- [To do]:
Omit the images, then output each of the records below exactly.

-----

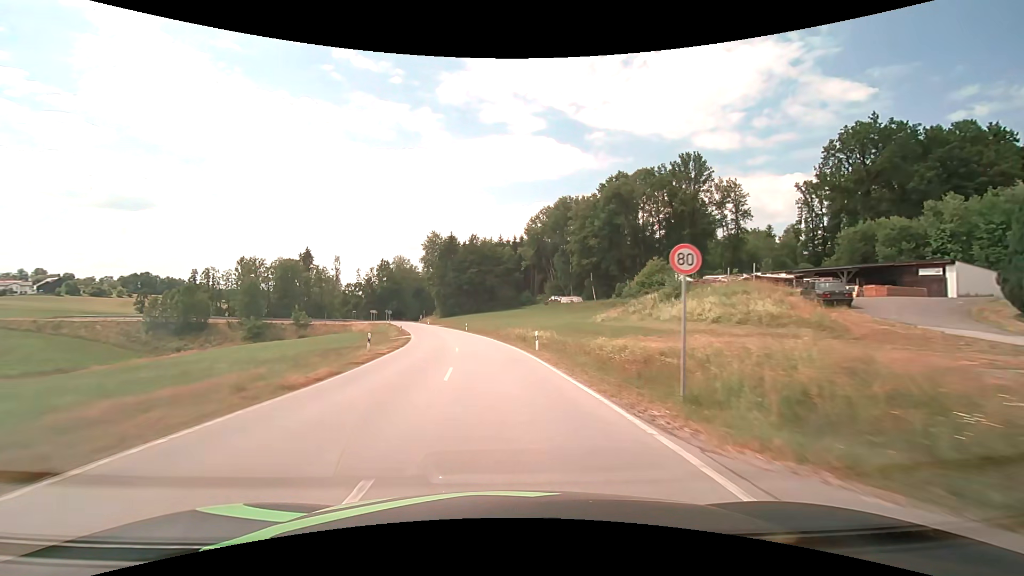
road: secondary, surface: asphalt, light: Day
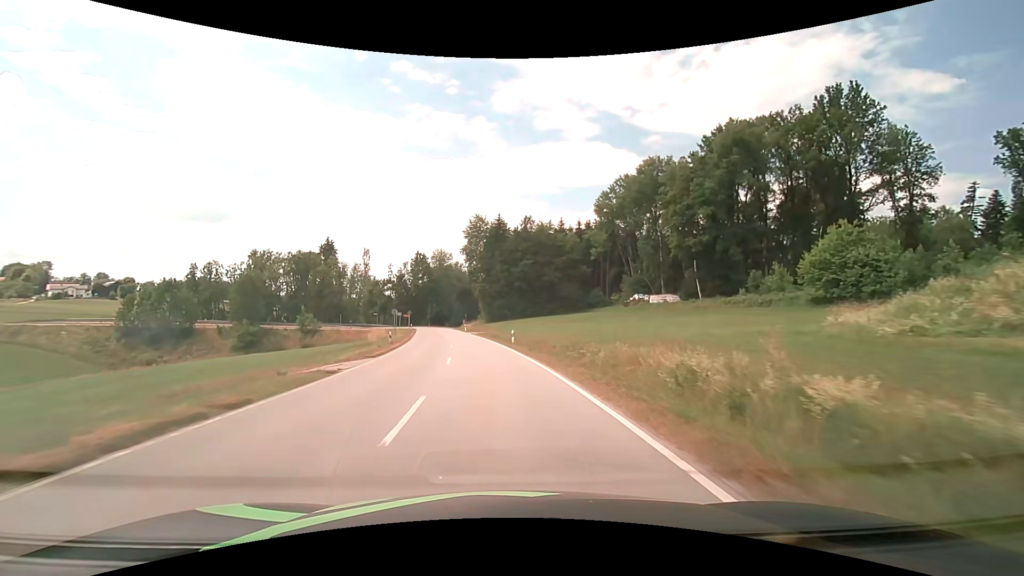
(-1.7, +30.9) m; -6°
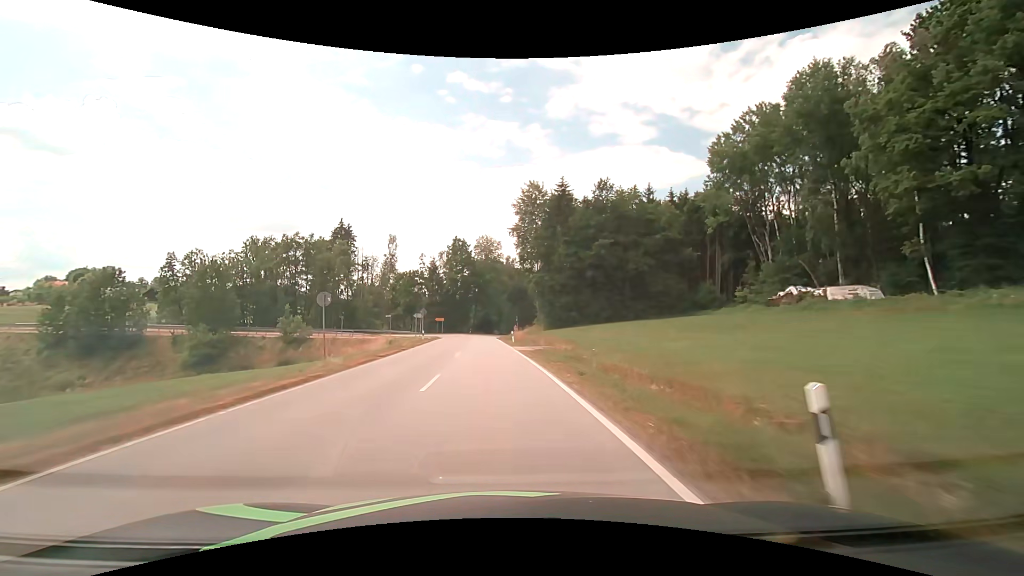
(-1.6, +31.4) m; -6°
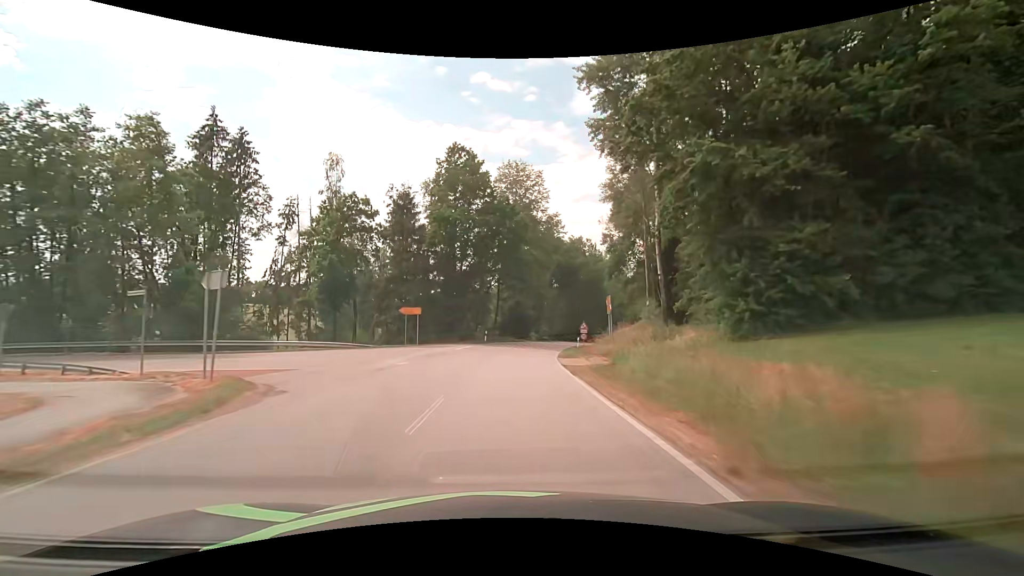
(-2.7, +52.5) m; -3°
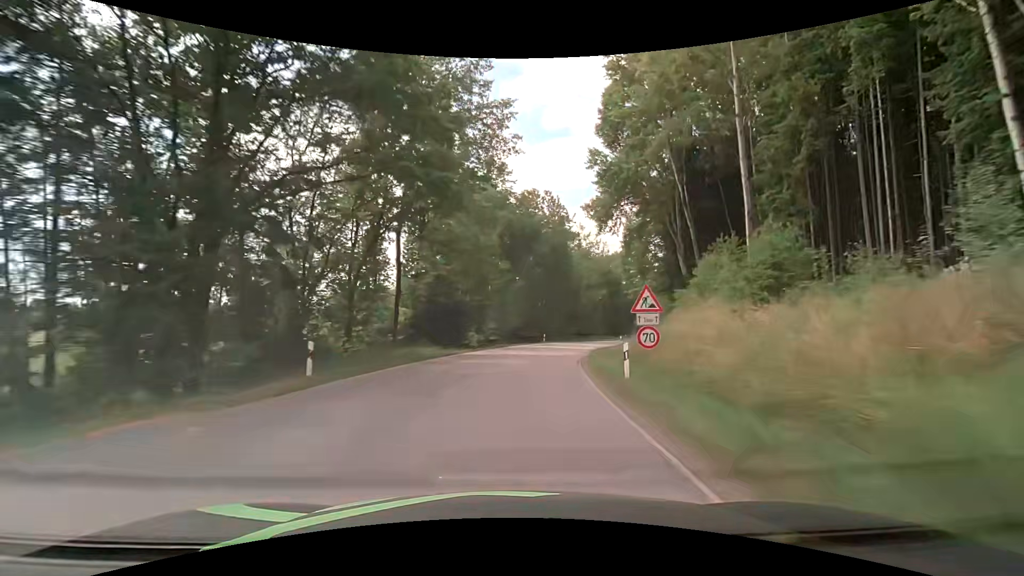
(+1.4, +31.9) m; +7°
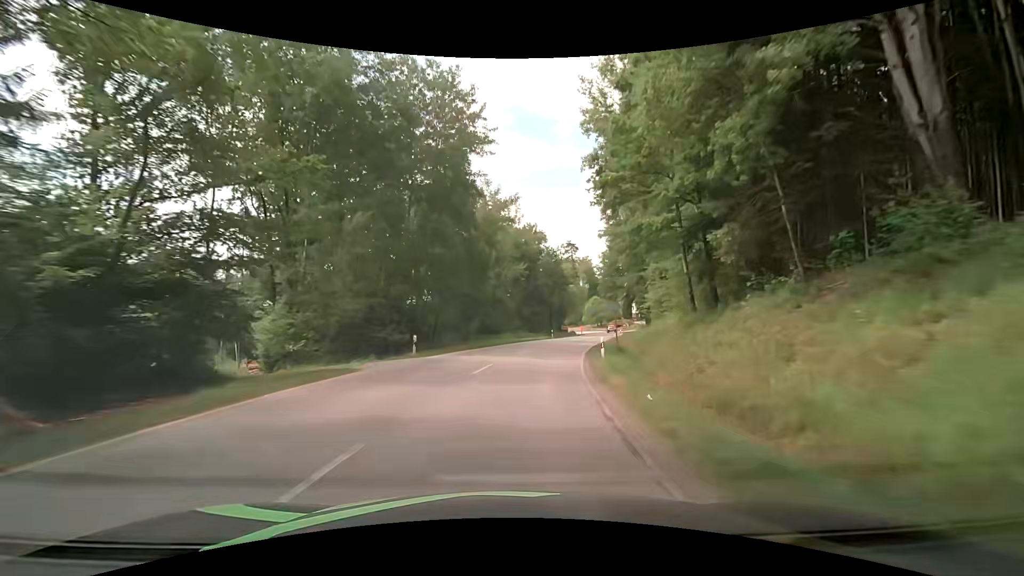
(+3.2, +31.8) m; +12°
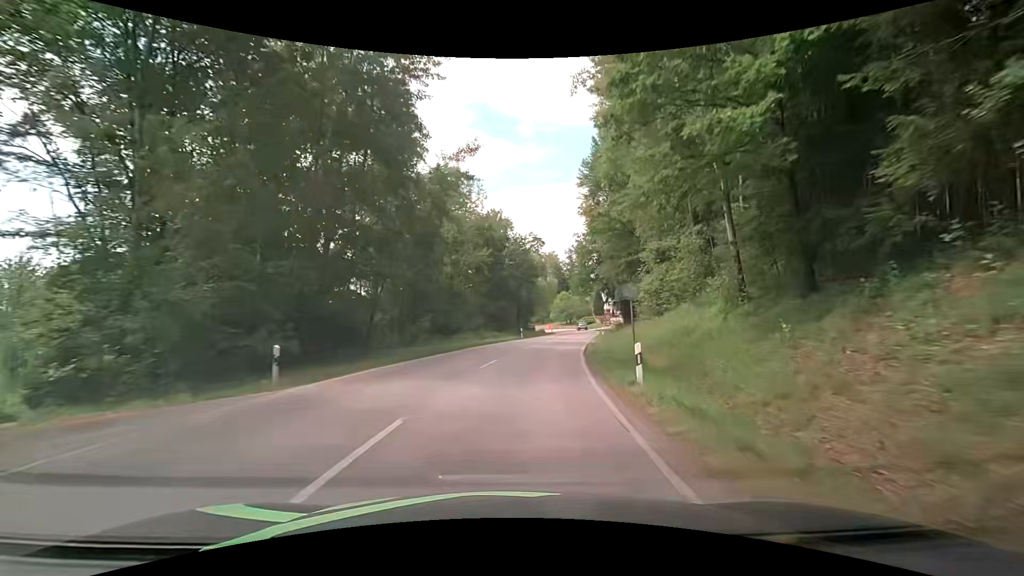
(+0.3, +10.4) m; +4°
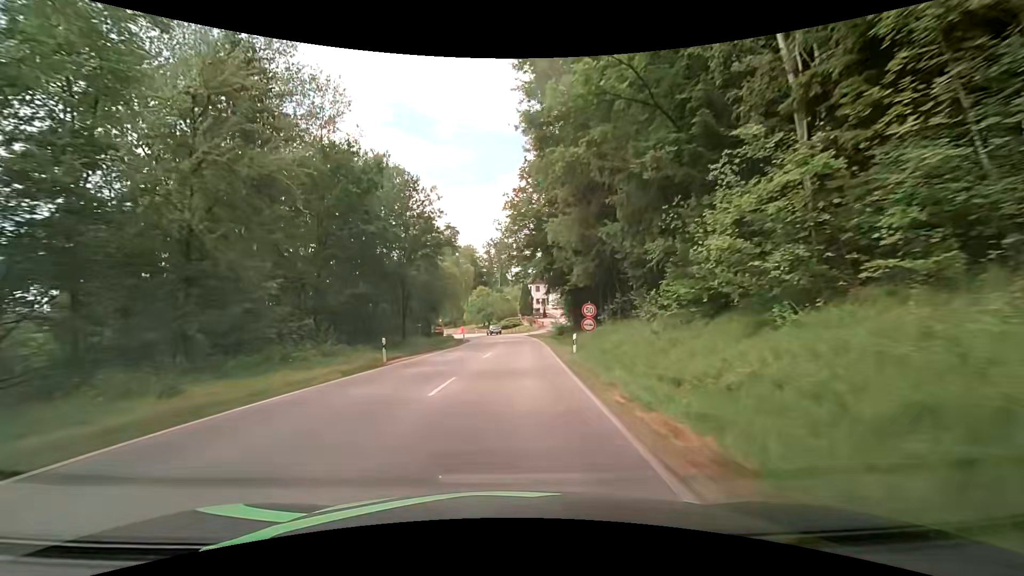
(+2.9, +28.9) m; +10°
(0, +10) (0, +20) (+1, +30) (+1, +40) (+1, +50) (+1, +60) (0, +70) (-2, +80) (-4, +90) (-7, +99) m

-----

- [Exercise output]:
road: secondary, surface: asphalt, light: Day
(-1.7, +30.9) m; -6°
(-1.6, +31.4) m; -6°
(-2.7, +52.5) m; -3°
(+1.4, +31.9) m; +7°
(+3.2, +31.8) m; +12°
(+0.3, +10.4) m; +4°
(+2.9, +28.9) m; +10°
(0, +10) (0, +20) (+1, +30) (+1, +40) (+1, +50) (+1, +60) (0, +70) (-2, +80) (-4, +90) (-7, +99) m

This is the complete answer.